Between 2006-2010 and 2011-2015, over 17% of neighborhoods saw a 10 percentage point increase in their poverty rate.

  • 64 neighborhoods in New York City (home to 2.6% of the population – about 216,000 New Yorkers) saw a decrease in their poverty rate of 10 percentage points or more; 356 neighborhoods (home to 16.5% of the population – about 1,366,000 New Yorkers) experienced an increase in their poverty rates of 10 percentage points or more.

Neighborhood conditions vary significantly based on the level of poverty in a neighborhood. Higher poverty neighborhoods have higher violent crime rates, poorer performing schools, and fewer adults who are college educated.

  • In 2011-2015, high- and extreme-poverty neighborhoods experienced more than three times as much serious violent crime as low-poverty neighborhoods (7.5 serious violent crimes per 1,000 residents versus 2.2 serious violent crimes per 1,000 residents). 
  • 52% of residents aged 25 or older in low-poverty neighborhoods had a college degree compared to 13% in extreme-poverty areas.

Poor black and Hispanic New Yorkers are much more likely to live in higher poverty neighborhoods than poor white and Asian New Yorkers.

  • Over half of poor black and poor Hispanic New Yorkers lived in a high- or extreme-poverty neighborhood in 2011-2015. About 23 percent of poor Asian New Yorkers and about 30 percent of poor white New Yorkers lived in a high- or extreme-poverty neighborhood in 2011-2015.
  • While more than half of fourth grade students in 2014 performed at grade level in math in low poverty neighborhoods, a quarter or less were at grade level in schools in high- and extreme-poverty neighborhoods.  There are similar disparities for English language tests.

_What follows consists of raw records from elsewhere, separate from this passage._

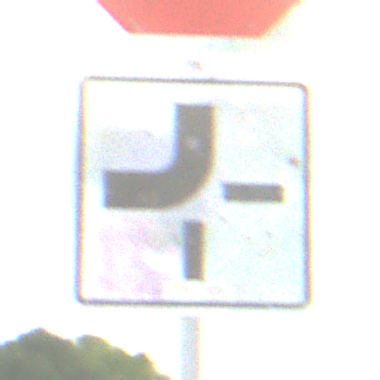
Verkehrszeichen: VerlaufVorfahrtsstrasse2
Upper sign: Stop
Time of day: SunriseSunset
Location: Outdoor (RoadRail)
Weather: PartlyCloudy
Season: NotSpecified
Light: Natural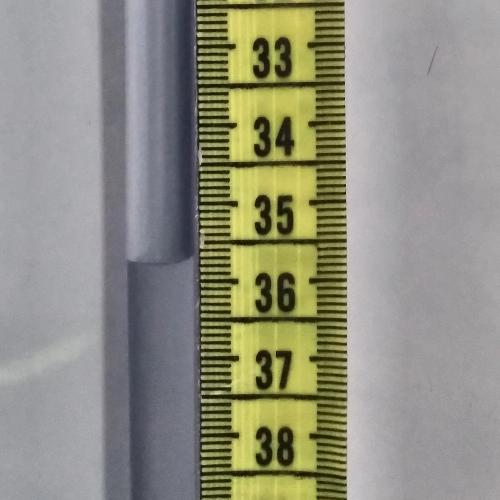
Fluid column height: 35.7 cm

Children are more likely to live in higher poverty neighborhoods than adults or seniors.

  • 30% of all children in New York City lived in a high- or extreme-poverty neighborhood in 2011-2015. 54.1% of poor children in New York City lived in a high- or extreme-poverty neighborhood in 2011-2015.
  • Children were the least likely to live in low poverty neighborhoods (21% of children live in a low-poverty neighborhood).